* _Record set_:
-- Opening Marker --

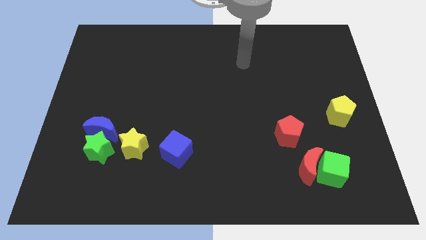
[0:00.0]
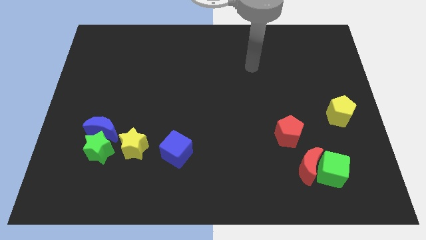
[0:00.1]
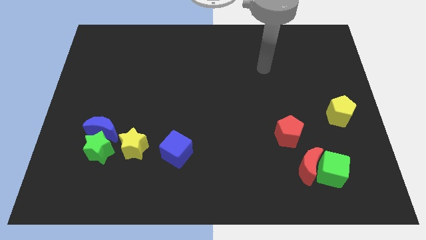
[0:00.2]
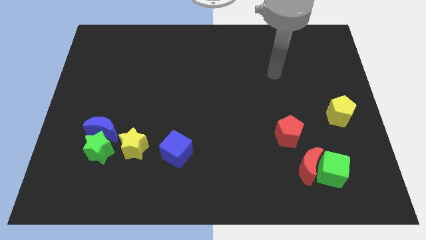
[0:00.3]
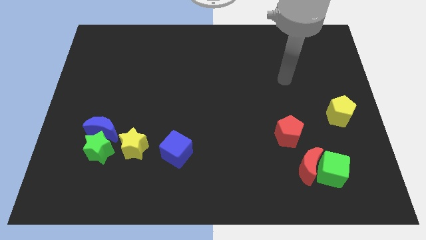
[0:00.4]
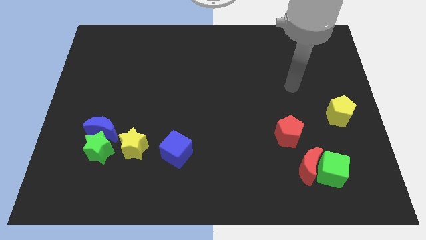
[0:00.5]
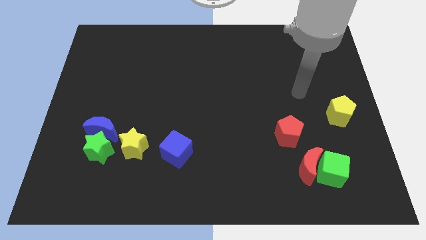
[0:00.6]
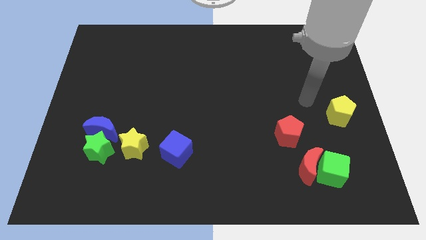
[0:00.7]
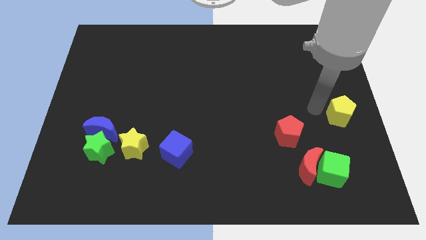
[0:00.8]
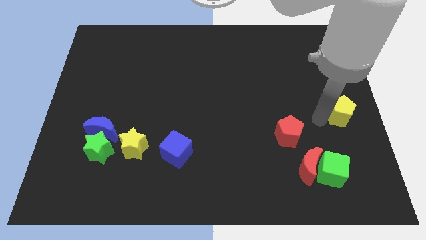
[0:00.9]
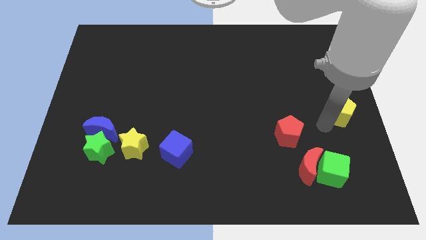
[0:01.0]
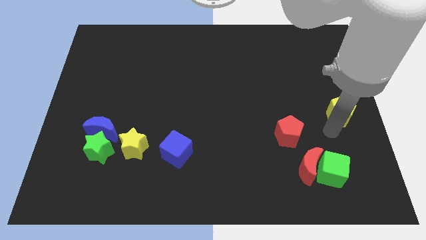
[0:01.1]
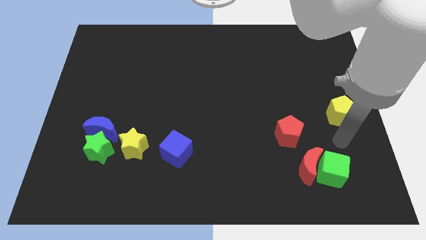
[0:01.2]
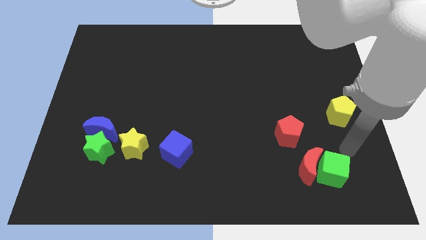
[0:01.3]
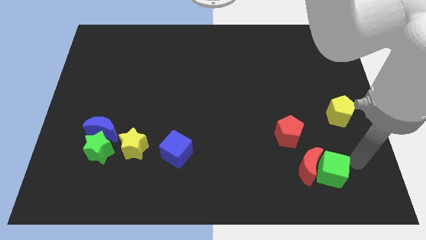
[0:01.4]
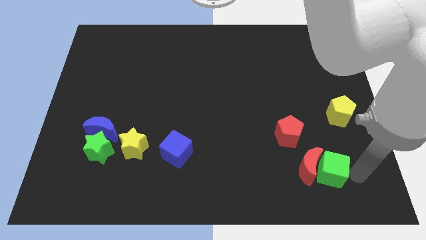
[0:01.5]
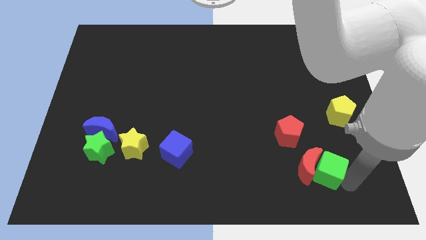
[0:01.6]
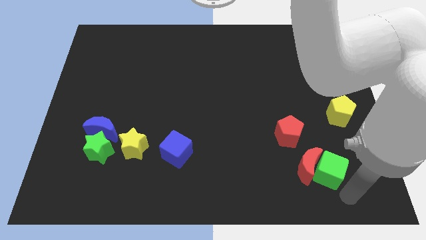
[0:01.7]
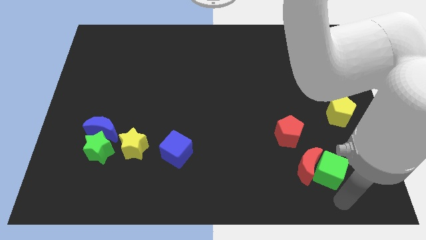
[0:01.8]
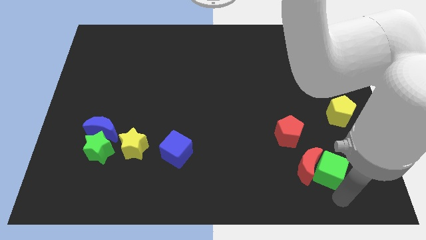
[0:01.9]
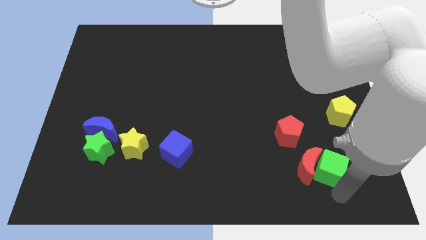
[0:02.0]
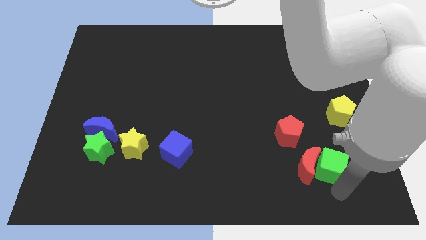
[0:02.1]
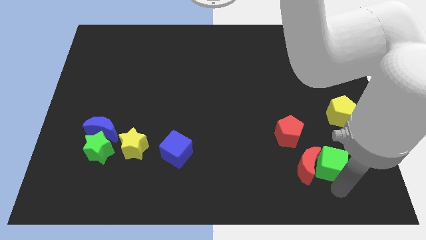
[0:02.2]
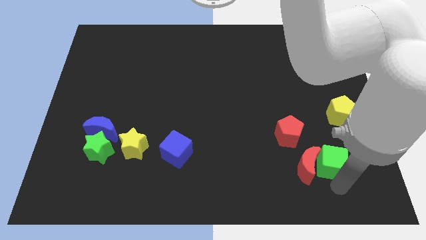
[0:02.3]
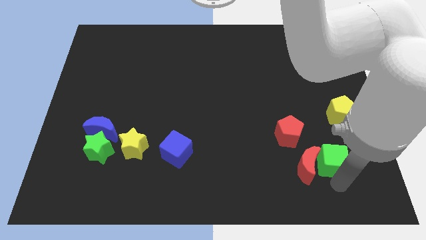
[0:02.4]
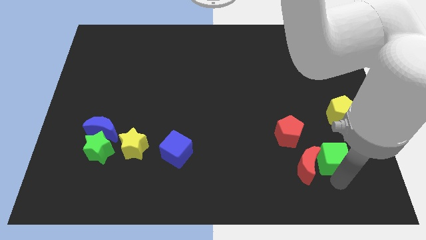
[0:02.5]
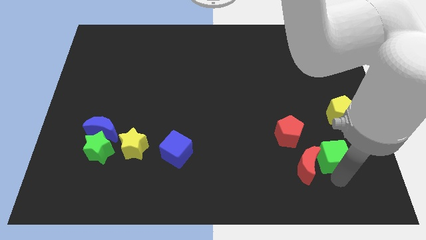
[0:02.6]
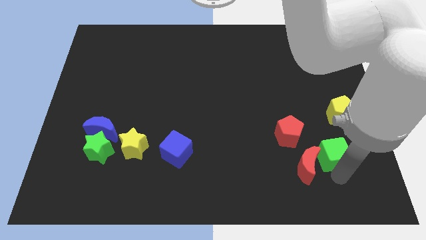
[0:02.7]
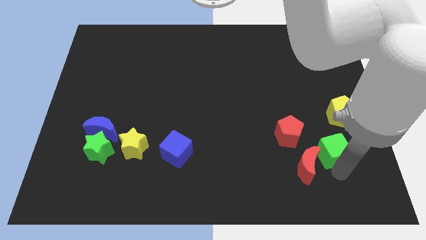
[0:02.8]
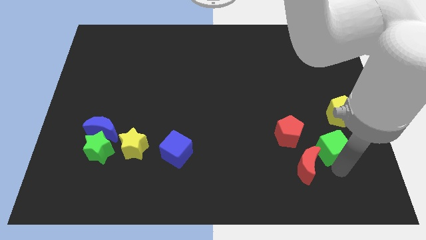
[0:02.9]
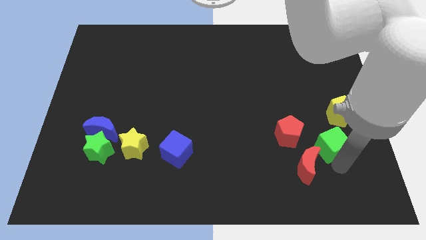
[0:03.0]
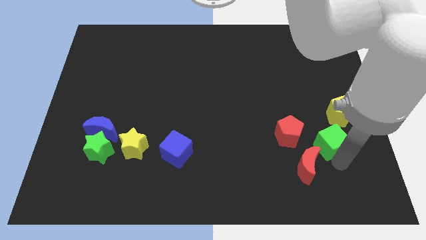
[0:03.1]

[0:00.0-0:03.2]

-- Closing Marker --

* _What you have to do_: When you reproduce the entries above, keep every word exact and leave the images out.

* _Task response_:
[0:00.0]
[0:00.1]
[0:00.2]
[0:00.3]
[0:00.4]
[0:00.5]
[0:00.6]
[0:00.7]
[0:00.8]
[0:00.9]
[0:01.0]
[0:01.1]
[0:01.2]
[0:01.3]
[0:01.4]
[0:01.5]
[0:01.6]
[0:01.7]
[0:01.8]
[0:01.9]
[0:02.0]
[0:02.1]
[0:02.2]
[0:02.3]
[0:02.4]
[0:02.5]
[0:02.6]
[0:02.7]
[0:02.8]
[0:02.9]
[0:03.0]
[0:03.1]

[0:00.0-0:03.2]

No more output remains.